A origem do termo "conto do vigário" ilustra essa prática. Uma das versões mais conhecidas remonta a Ouro Preto, onde um pároco propôs amarrar uma imagem de Nossa Senhora a um burro, sugerindo que o animal decidisse para qual paróquia a santa deveria ir. O burro foi direto para a igreja de Pilar, que ficou com a imagem até que se descobriu que o dono do burro era o próprio pároco que havia dado a sugestão.
Embora política e religião não sejam mutuamente excludentes, a influência da religião na política cria uma via de mão dupla que fomenta a instrumentalização recíproca. Reivindicando uma suposta interlocução divina, padres, pastores e assemelhados (dentro ou foram dos parlamentos) exercem forte influência sobre a população, que, fragilizado pelo temor do fogo do inferno, se deixa manipular pela verborragia desses mestres do proselitismo. O truque é velho como o diabo, mas funciona, pois oferece conforto diante das incertezas do porvir.

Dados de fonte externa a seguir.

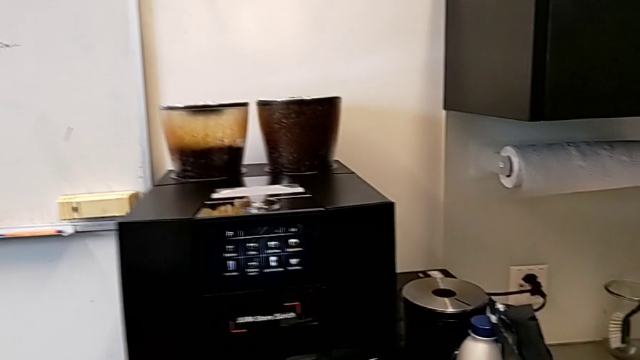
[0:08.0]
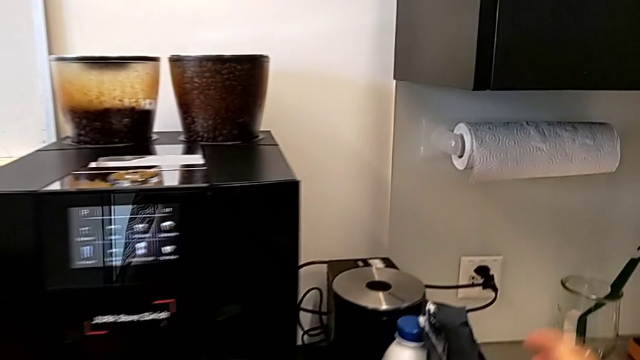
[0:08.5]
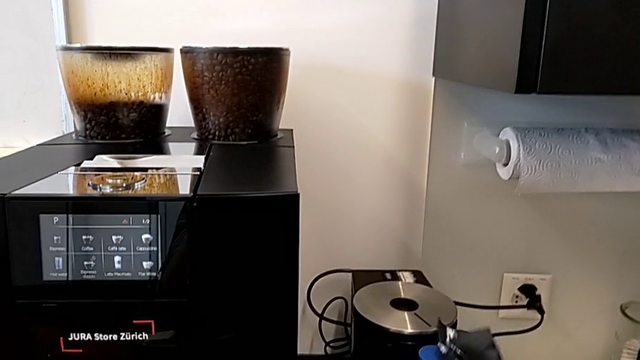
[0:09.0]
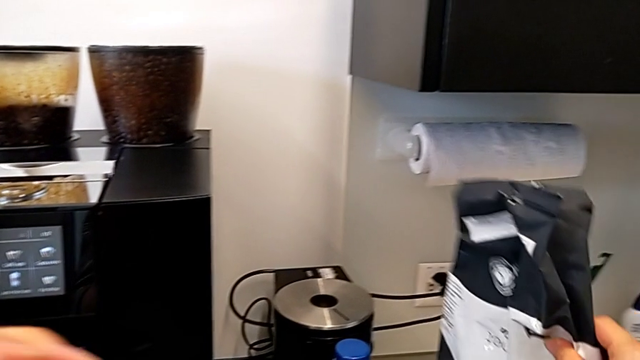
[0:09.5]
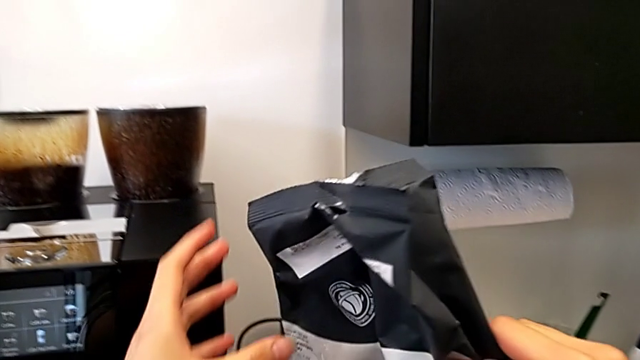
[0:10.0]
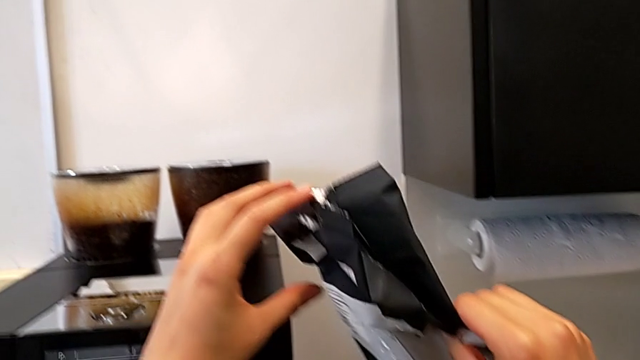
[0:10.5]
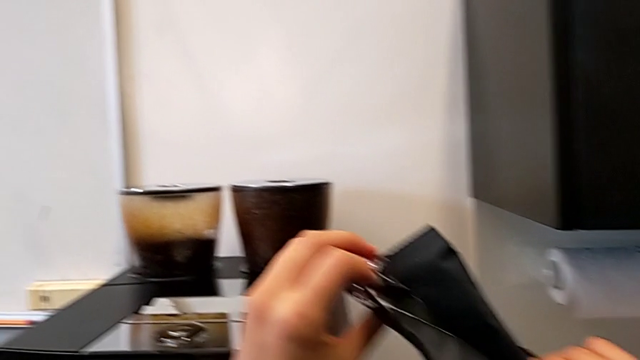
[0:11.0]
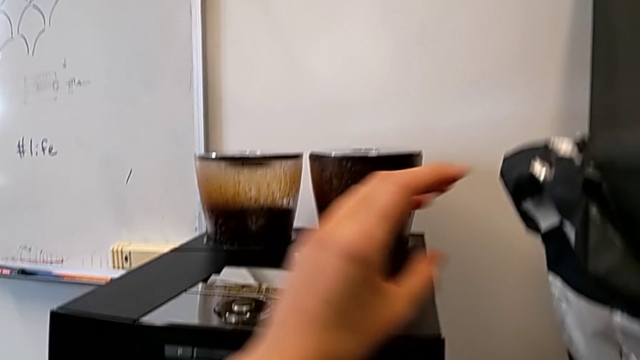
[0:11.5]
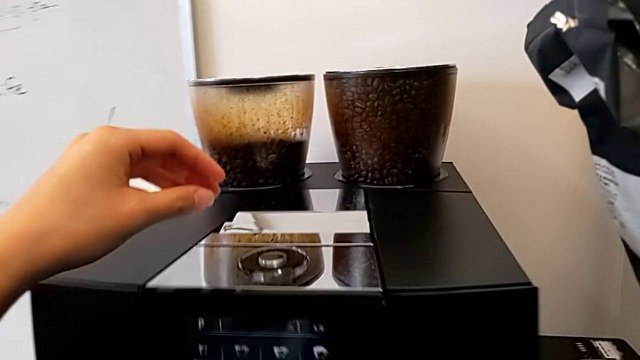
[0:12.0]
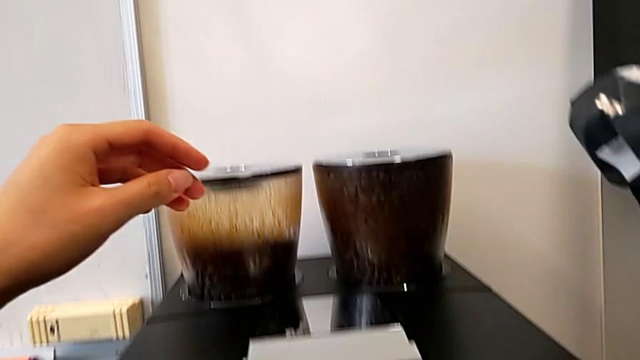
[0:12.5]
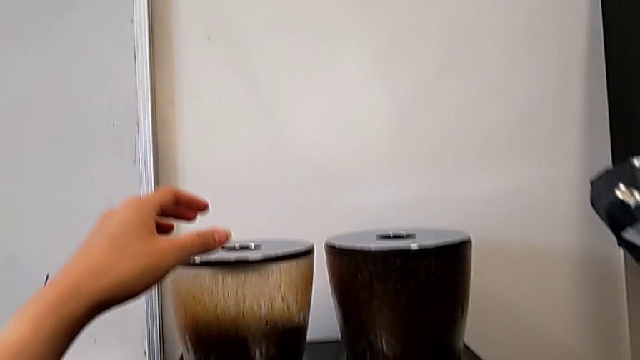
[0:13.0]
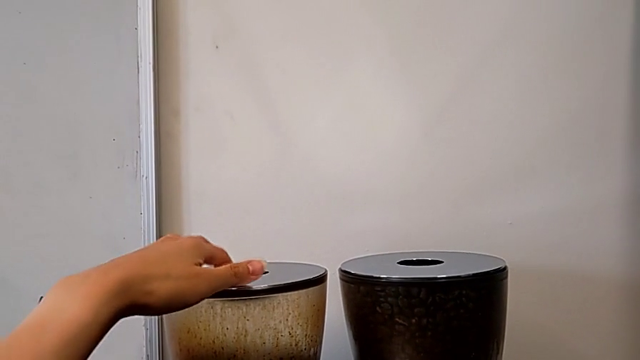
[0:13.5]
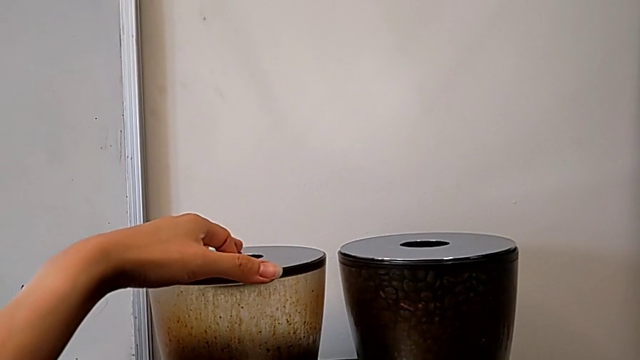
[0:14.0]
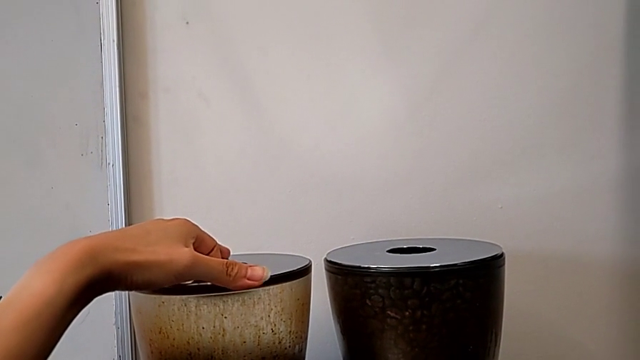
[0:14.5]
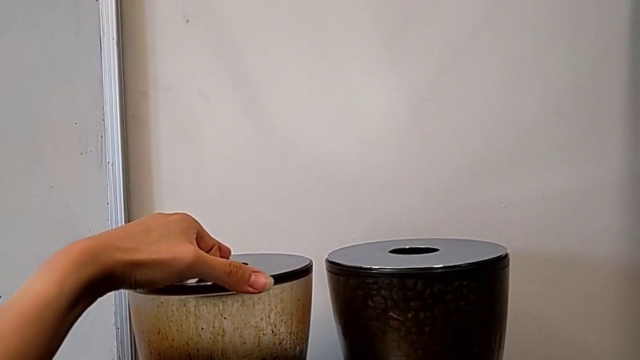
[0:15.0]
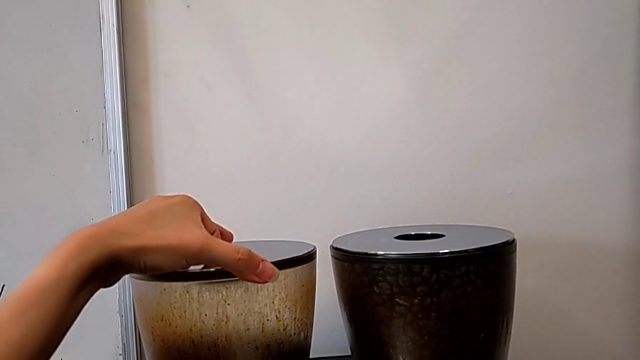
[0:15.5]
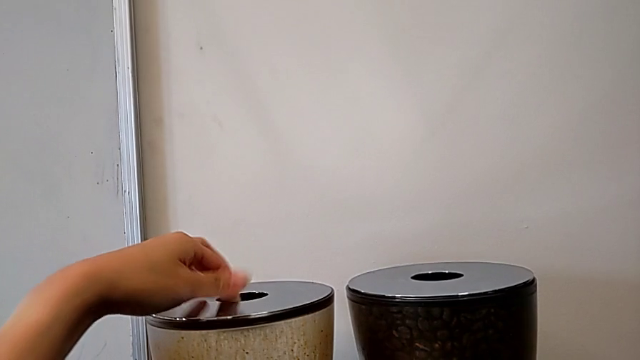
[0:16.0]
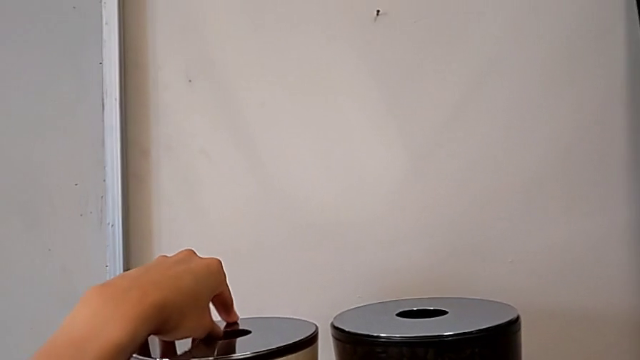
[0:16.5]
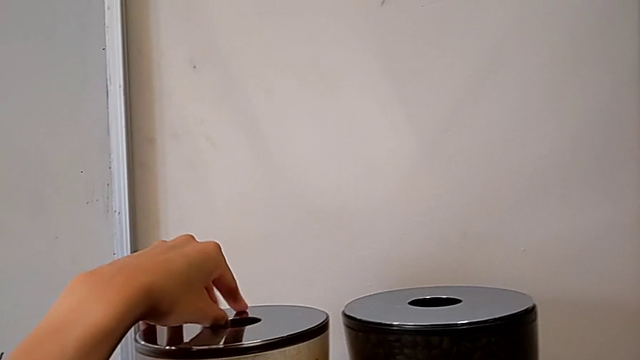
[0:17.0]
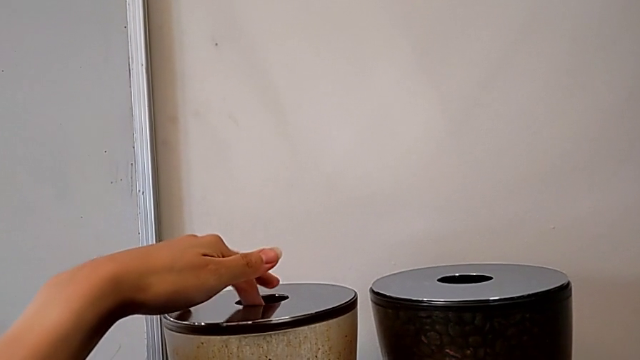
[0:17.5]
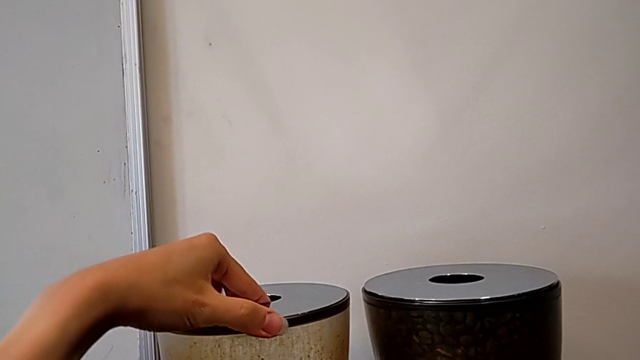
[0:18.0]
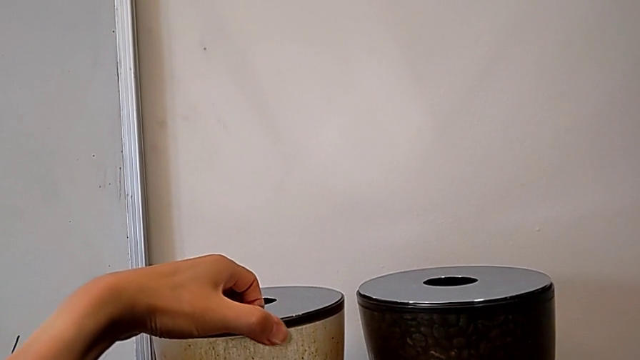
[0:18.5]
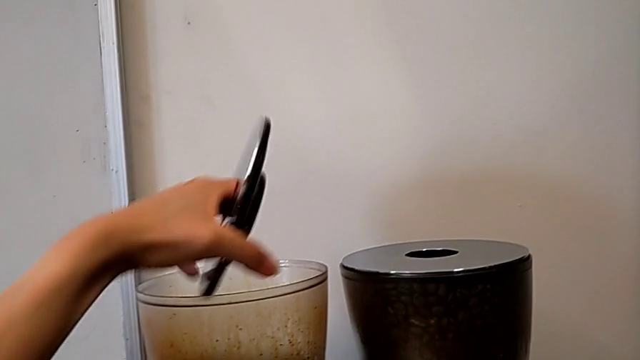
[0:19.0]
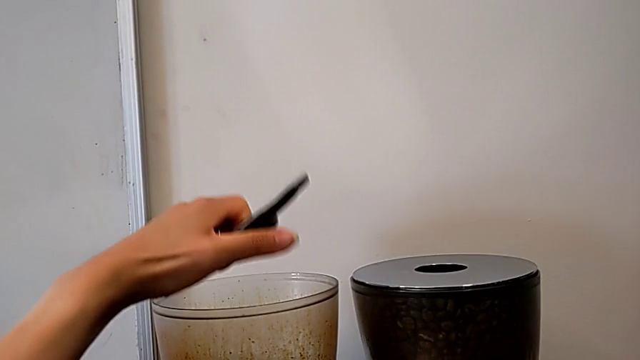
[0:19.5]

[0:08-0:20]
The camera wearer is adding coffee beans into the Espresso machine. They grab the coffee bean bag, lift it, grab the cup lid and open it.

Em contraste, a fé individual não depende de rituais, hierarquias ou dogmas. Ela surge espontaneamente, movida por experiências profundas e pessoais — como um momento inesperado de conexão com a existência — e se desenvolve sem a necessidade de intermediários ou tradições rígidas. Em tempos de desconfiança nas instituições, muitos encontram na espiritualidade independente uma forma de se conectar com uma força maior. Para alguns, a fé é uma confiança silenciosa em algo transcendente; para outros, uma aceitação do mistério sem precisar de "explicações definitivas".
Nesse sentido, ciência e filosofia têm colaborado para uma nova visão: a complexidade do universo pode ser contemplada e apreciada mesmo sem uma explicação finalista. Ao afirmar que somos "poeira das estrelas", o físico Carl Sagan não só descreveu uma conexão física entre nós e o cosmos como abriu uma janela para que muitos vejam no vasto universo um sentido de "sagrado", ainda que sem figura divina.

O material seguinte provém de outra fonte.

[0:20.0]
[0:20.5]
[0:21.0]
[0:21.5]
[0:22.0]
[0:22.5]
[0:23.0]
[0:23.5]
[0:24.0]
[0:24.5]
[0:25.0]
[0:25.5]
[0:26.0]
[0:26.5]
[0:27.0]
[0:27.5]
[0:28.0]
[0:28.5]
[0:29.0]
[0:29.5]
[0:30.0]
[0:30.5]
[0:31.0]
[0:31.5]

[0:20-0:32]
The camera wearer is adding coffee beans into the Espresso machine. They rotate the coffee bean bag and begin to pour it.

Curiosamente, a ciência não invalida a fé; ao contrário, ela a expande. A fé moderna é, muitas vezes, uma admiração pelo universo, uma disposição para o questionamento e uma abertura ao desconhecido. Essa perspectiva vê na dúvida e na busca por novas respostas uma maneira de honrar o mistério da existência. Grandes pensadores, como Einstein e Spinoza, viam no universo uma ordem tão majestosa que, mesmo sem acreditar em um "Deus pessoal", sentiam-se conectados a uma força criadora, e consideravam a busca pelo conhecimento como um ato quase espiritual. Einstein chegou a dizer que o mistério é a fonte de toda verdadeira arte e ciência.
A busca pelo autoconhecimento — que algumas correntes psicológicas e filosóficas incentivam — mostra que a espiritualidade livre pode ser um caminho para nos conectarmos com nós mesmos e com o mundo, sem a necessidade de um conjunto de crenças formais. A fé, nesse contexto, se torna uma prática interior, uma jornada de descoberta pessoal que aceita as incertezas da existência.
Diferente de muitas religiões tradicionais, que impõem normas e rituais rígidos, a espiritualidade pessoal se ajusta aos valores e necessidades de cada um. Meditação, contemplação da natureza ou mesmo o simples exercício de gratidão são maneiras de alinhar a vida com uma ordem maior. Essa é uma fé que é, ao mesmo tempo, íntima e universal, uma prática de fé que respeita o mistério.
Vale destacar que essa fé, que não se prende a religiões formais, não rejeita as tradições; em vez disso, reflete uma busca por autenticidade espiritual. É uma fé que aceita respostas parciais, valoriza o caminho e celebra o mistério. Para muitos, é um retorno ao sentido mais original da espiritualidade: uma ligação com o que nos transcende sem precisar de explicações definitivas, e uma confiança de que, mesmo sem respostas absolutas, nossa existência carrega propósito — ainda que esse propósito seja simplesmente a busca por entender o insondável.